Leaving aside his obvious qualities as a footballer - three flags from one of the greatest teams of the modern era - you would have to be impressed by his stints at two clubs in terms of his senior coaching aspirations.
'Leppa' spent three seasons as an assistant coach at the Lions after his retirement in 2006, with two of them under one of the greatest coaches in AFL history, Leigh Matthews.
And it is fair to say that if you talk to people at Richmond – where he has spent the past four seasons – you will understand the work he has put into the Tigers' backline.
He might be a perfect fit if, as a club, you want to win back some of the disaffected Lions fans/members by appointing a former club star, even if the Voss appointment ended the way it did.
Adam Simpson is also in contention, and so he should be.
His four seasons as an assistant to premiership coach Alastair Clarkson read as a very good apprenticeship to us. Does he need another two years as a senior assistant to be ready? We doubt it.
Leigh Tudor has the Grand Final touch as an assistant coach, and deserves a senior job. He has been at a number of clubs - Geelong, St Kilda and Sydney - and has been a part of that Grand Final experience, with his role at the Swans in recent years imperative to their success.
Even Simon Goodwin, less experienced than the others, has spent three seasons as an assistant at Essendon, albeit under the most trying of circumstances this season due to the club's supplements scandal.
And Goodwin has even coached one game of AFL football – Round 23 this season – when Hird started his 12-month suspension.
The only reason we are leaving Scott Burns out of this mix is that he is heavily in the frame for the West Coast senior gig.
If you see one of these young assistant coaches as your long-term future coach, then be bold and decisive and appoint them now.
If you think they need some more assistance, then appoint Craig as a senior assistant and mentor, not the senior coach who will hand over the reins in a few years.
The Melbourne "succession" plan is a different one.

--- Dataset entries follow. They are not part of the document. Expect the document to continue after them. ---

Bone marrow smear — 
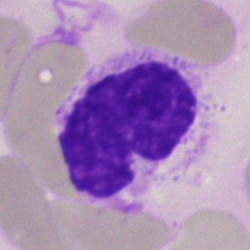 Q: What is shown here?
A: It is an artifact.
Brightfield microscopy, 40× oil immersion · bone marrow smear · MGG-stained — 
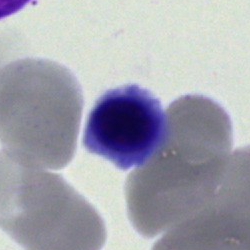An erythroblast.
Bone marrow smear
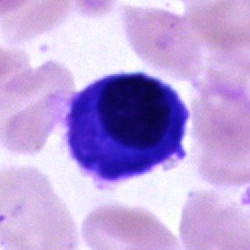 {"cell_type": "plasma cell"}
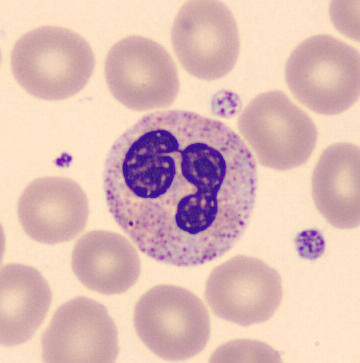 Q: Which cell type is shown here?
A: A polymorphonuclear neutrophil.

Acquisition: Peripheral blood smear.
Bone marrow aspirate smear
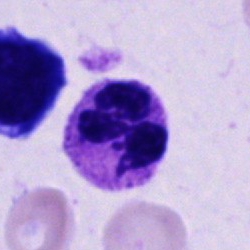Morphology → polymorphonuclear neutrophil.
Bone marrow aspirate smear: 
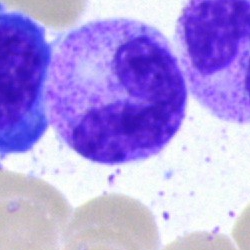
Showing a metamyelocyte.
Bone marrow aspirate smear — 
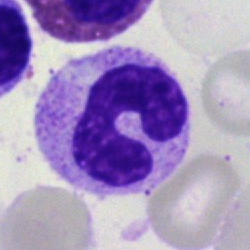 Classification: band neutrophil.
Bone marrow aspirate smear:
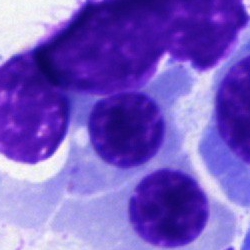 Specimen: bone marrow smear.
Morphological class: nucleated red cell.
Lineage: erythroid.
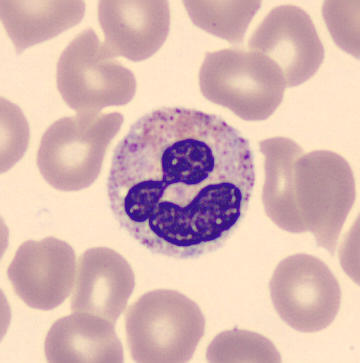Peripheral blood film. Image size 360×363.

Impression → neutrophil (segmented).
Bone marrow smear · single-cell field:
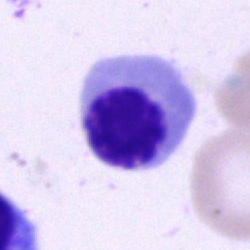

Morphology → erythroblast.
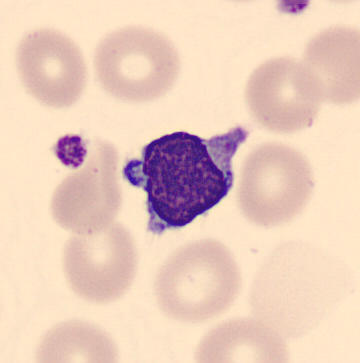

The cell shown is a lymphocyte.

Peripheral blood smear.
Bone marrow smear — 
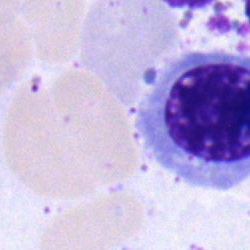 Impression — nucleated red blood cell.
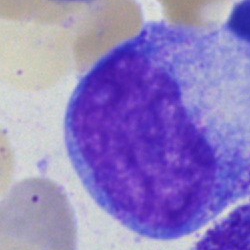Q: What cell is this?
A: Metamyelocyte.
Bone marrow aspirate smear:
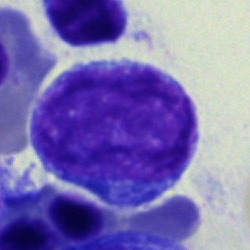
Q: What is shown here?
A: Pronormoblast.
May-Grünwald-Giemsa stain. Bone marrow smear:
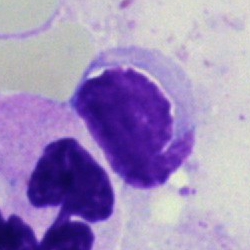 Specimen: bone marrow smear.
Classification: artifact.
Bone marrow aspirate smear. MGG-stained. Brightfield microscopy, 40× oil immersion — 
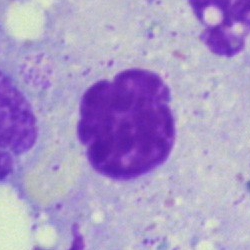 Morphology → artifact.
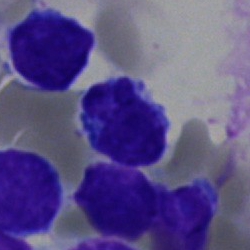
Bone marrow aspirate smear, single cell — typical lymphocyte.
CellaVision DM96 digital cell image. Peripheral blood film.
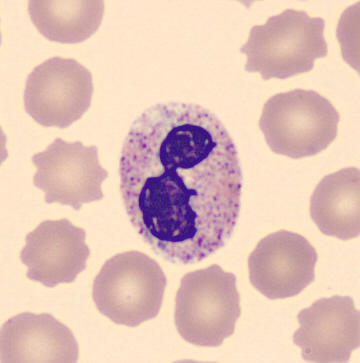

Q: Which cell type is shown here?
A: Neutrophil (segmented).
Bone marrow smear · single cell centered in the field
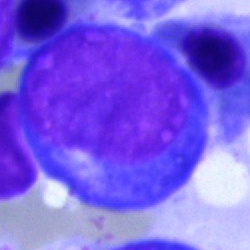 Showing a proerythroblast.
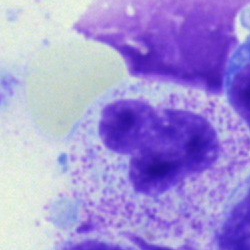
{"cell_type": "polymorphonuclear neutrophil", "lineage": "myeloid"}
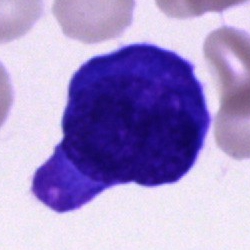

Showing an undifferentiated blast.
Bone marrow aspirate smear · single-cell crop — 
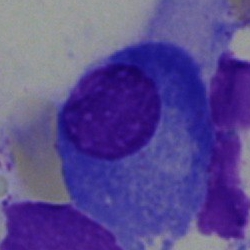The classification is plasmacyte.
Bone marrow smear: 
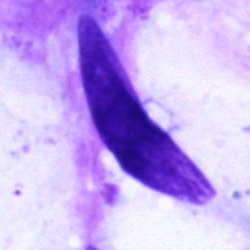

Morphology consistent with an artefact.
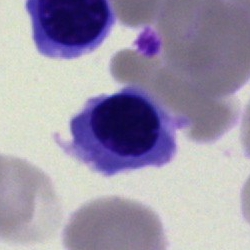Morphology consistent with a nucleated red blood cell.
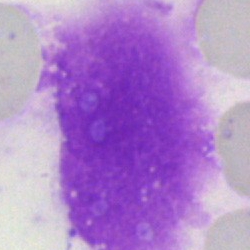 The cell shown is an artifact.
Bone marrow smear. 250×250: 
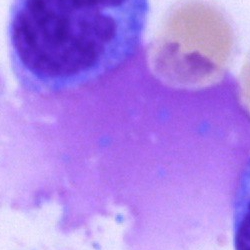Specimen: bone marrow smear.
Cell: artifact.
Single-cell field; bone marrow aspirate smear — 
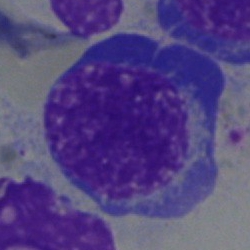
The morphological class is normoblast.
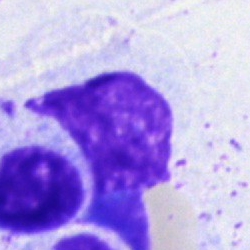 The cell type is artifact.
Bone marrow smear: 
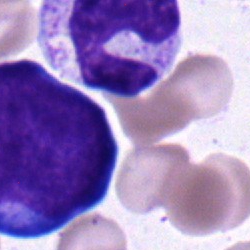

Single cell identified as a band-form neutrophil.
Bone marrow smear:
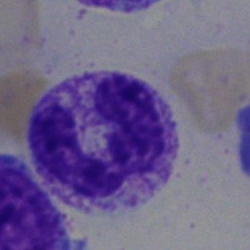 A segmented neutrophil.
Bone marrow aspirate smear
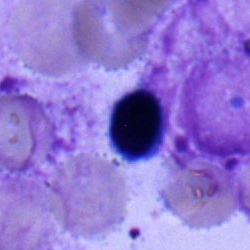
The classification is typical lymphocyte.
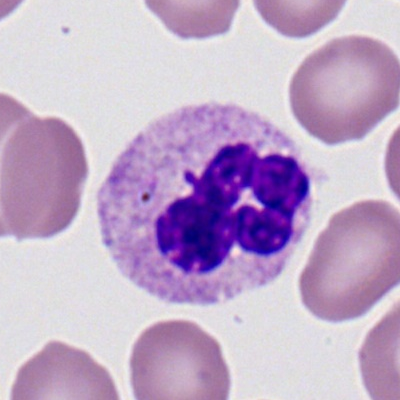
Showing a segmented neutrophil.
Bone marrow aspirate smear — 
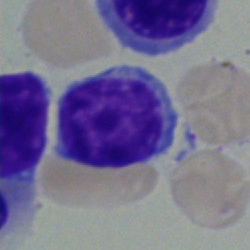 Cell type — typical lymphocyte.
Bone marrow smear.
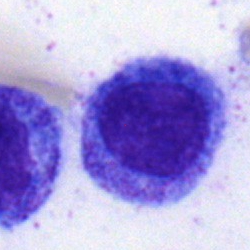 Cell type — progranulocyte.

Roos is a premiership coach and one of the most sought after men in the game, so it makes sense to have him for as long as he wants, and then hand over to the right man.
As a footy club, you should take the lead of Hawthorn from late 2004. They didn't take the easy option, or a succession plan, they were bold and decisive.

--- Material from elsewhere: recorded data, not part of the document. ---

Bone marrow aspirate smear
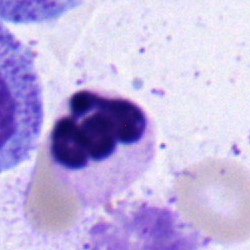 Showing a polymorphonuclear neutrophil.
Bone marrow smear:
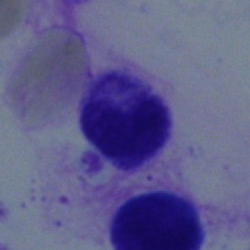
The cell shown is a metamyelocyte.
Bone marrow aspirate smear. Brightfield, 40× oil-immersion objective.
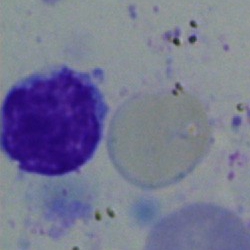

Morphology consistent with a typical lymphocyte.
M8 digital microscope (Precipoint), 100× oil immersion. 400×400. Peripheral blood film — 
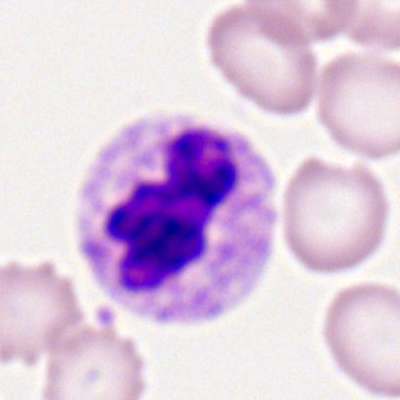 A segmented neutrophil.
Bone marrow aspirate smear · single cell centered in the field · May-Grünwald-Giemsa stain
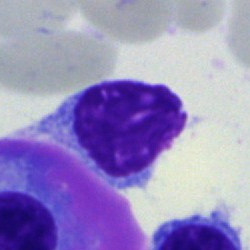
Showing a typical lymphocyte.
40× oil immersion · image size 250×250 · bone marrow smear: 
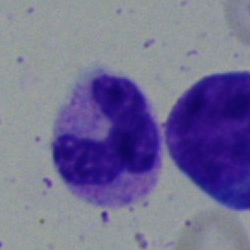
Morphological class: neutrophil (segmented).
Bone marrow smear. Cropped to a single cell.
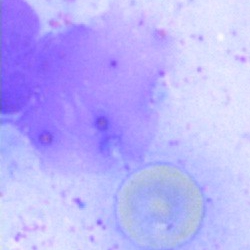

Morphology → artifact.
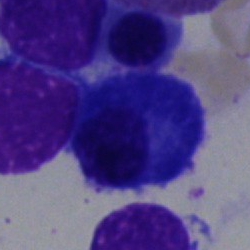Single cell identified as a plasmacyte.
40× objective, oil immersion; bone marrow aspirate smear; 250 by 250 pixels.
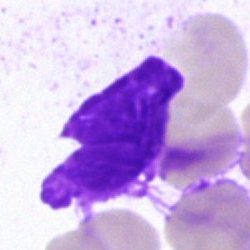

Classification = artifact.
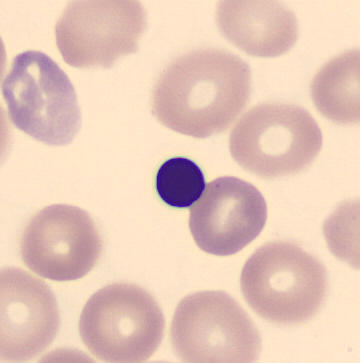

Peripheral blood smear. Nucleated red blood cell.
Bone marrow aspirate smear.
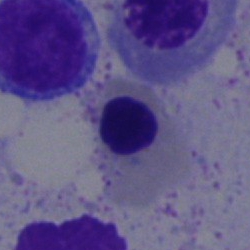

This is a nucleated red blood cell.
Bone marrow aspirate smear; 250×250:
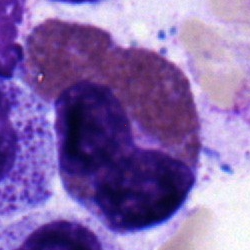 The morphological class is eosinophilic granulocyte.
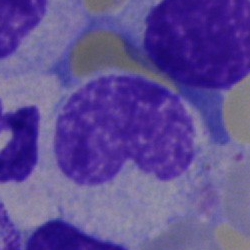Q: Identify the cell.
A: This is a band-form neutrophil.
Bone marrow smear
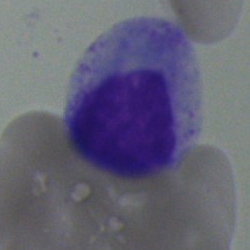

This is a plasma cell.
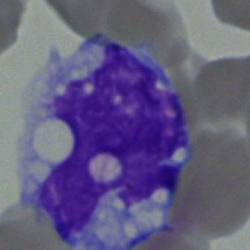

Single cell identified as a monocyte.
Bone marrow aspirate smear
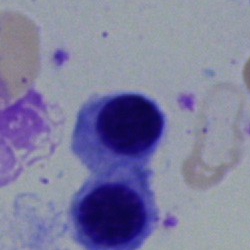 Impression → nucleated red cell.
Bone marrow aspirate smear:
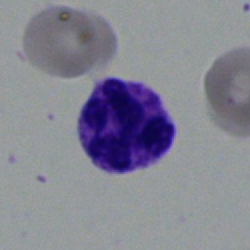

The classification is segmented neutrophil.
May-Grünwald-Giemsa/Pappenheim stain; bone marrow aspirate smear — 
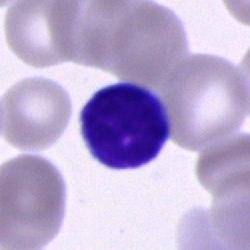
Typical lymphocyte.

The Hawks liked what they saw of Clarkson, but knew he was going to be a harder sell than past club greats Gary Ayres and Rodney Eade, who were in the mix and who are legitimately good coaches.
They chose the man they wanted for the long term, and in nine days' time, that bloke could be a two-time premiership coach.
So if you think 'Leppa' is the man for the long-term, or 'Simmo', or Leigh Tudor or even Simon Goodwin, don't fear that they haven't had a good grounding.
They have, and they have earned their chance.